In 1886, Sherrington went to Italy to again investigate a cholera outbreak. While in Italy, Sherrington spent much time in art galleries. It was in this country that Sherrington's love for rare books became an addiction.
Sherrington showed that muscle excitation was inversely proportional to the excitation of an opposing group of muscles. Speaking of the excitation-inhibition relationship, Sherrington said "desistence from action may be as truly active as is the taking of action." Sherrington continued his work on reciprocal innervation during his years at Liverpool. Come 1913, Sherrington was able to say that "the process of excitation and inhibition may be viewed as polar opposites [...] the one is able to neutralize the other." Sherrington's work on reciprocal innervation was a notable contribution to the knowledge of the spinal cord.
Sherrington's philosophy as a teacher can be seen in his response to the question of what was the real function of Oxford University in the world. Sherrington said:
"after some hundreds of years of experience we think that we have learned here in Oxford how
to teach what is known. But now with the undeniable upsurge of scientific research, we cannot
continue to rely on the mere fact that we have learned how to teach what is known. We must learn
to teach the best attitude to what is not yet known. This also may take centuries to acquire but we
cannot escape this new challenge, nor do we want to."
Sherrington's teachings at Oxford were interrupted by World War I. When the war started, it left his classes with only nine students.

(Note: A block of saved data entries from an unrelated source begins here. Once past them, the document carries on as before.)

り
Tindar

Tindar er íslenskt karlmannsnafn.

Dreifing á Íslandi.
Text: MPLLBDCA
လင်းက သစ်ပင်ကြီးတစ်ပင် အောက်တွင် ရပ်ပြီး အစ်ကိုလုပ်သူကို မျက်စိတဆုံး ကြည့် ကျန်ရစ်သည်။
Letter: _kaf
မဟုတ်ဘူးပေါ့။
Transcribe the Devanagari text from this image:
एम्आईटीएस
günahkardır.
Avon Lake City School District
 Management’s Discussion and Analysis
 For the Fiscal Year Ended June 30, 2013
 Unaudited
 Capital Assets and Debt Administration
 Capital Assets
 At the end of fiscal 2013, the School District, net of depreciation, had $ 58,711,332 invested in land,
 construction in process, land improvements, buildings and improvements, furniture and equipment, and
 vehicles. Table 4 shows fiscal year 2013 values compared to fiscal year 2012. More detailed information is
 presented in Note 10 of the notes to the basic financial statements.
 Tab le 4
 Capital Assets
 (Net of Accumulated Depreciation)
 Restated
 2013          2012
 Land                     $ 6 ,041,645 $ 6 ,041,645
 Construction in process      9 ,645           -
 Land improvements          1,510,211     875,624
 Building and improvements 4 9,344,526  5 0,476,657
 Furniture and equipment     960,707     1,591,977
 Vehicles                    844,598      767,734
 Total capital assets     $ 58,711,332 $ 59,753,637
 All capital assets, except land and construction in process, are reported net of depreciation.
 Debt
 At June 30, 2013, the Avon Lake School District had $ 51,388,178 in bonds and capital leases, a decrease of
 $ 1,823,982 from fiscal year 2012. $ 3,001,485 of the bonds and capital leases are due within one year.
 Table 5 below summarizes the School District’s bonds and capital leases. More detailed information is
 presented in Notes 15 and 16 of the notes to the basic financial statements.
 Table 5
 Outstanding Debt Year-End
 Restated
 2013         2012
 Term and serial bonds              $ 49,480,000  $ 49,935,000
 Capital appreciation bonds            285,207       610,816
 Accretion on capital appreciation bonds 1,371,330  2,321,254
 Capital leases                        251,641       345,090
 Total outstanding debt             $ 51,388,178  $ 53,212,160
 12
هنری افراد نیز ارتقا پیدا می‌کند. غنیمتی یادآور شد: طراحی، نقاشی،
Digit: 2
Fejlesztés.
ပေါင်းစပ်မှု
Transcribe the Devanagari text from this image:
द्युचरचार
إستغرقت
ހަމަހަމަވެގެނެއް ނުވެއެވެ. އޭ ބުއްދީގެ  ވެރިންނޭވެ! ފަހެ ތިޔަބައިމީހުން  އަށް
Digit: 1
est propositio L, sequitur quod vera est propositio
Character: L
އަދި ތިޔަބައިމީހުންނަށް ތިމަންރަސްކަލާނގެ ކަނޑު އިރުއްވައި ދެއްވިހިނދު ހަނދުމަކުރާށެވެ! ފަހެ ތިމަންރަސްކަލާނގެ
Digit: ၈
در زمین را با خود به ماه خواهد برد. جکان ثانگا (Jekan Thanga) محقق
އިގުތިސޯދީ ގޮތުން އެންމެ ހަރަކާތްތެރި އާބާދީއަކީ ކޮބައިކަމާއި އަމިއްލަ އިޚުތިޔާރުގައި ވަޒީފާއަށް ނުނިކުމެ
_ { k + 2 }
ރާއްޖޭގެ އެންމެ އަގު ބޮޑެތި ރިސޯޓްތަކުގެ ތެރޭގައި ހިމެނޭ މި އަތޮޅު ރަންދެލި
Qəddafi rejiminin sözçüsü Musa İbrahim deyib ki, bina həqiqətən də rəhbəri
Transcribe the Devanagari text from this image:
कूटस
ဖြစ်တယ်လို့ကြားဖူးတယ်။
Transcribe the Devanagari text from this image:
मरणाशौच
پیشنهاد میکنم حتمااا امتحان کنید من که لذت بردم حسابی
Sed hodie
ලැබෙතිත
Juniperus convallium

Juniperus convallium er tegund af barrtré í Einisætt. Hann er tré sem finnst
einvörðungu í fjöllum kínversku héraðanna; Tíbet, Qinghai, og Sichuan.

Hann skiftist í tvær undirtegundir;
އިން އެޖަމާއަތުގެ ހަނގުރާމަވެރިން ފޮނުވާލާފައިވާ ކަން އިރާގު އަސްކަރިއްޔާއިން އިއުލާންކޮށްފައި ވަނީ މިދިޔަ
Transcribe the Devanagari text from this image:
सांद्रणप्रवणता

During the war, he laboured at a shell factory to support the war and to study fatigue in general, but specifically industrial fatigue. His weekday work hours were from 07:30 a.m to 08:30 p.m.; and 07:30 a.m. to 06:00 p.m. on the weekends.
It should also be noted that in March 1916, Sherrington fought for women to be able to be admitted to the medical school at Oxford.
Sherrington's mental faculties were crystal clear up to the time of his death, which was caused by a sudden heart failure and ended his life instantly. His bodily health, however, did suffer in old age. Rheumatoid arthritis was a major burden of his. Speaking of his condition, Sherrington said "old age isn't pleasant[,] one can't do things for oneself." The arthritis put Sherrington in a nursing home as late as 1951.
In personality, Sherrington was a joyous man. He will be remembered by close friends for his warmth of affection, his generosity of advice and time. Sherrington was a humble man. He enjoyed spending his time with students, where he acted as an equal, not as their superior.
At the time of his death Sherrington received honoris causa Doctors from twenty-two universities: Oxford, Paris, Manchester, Strasbourg, Louvain, Uppsala, Lyon, Budapest, Athens, London, Toronto, Harvard, Dublin, Edinburgh, Montreal, Liverpool, Brussels, Sheffield, Bern, Birmingham, Glasgow, and the University of Wales.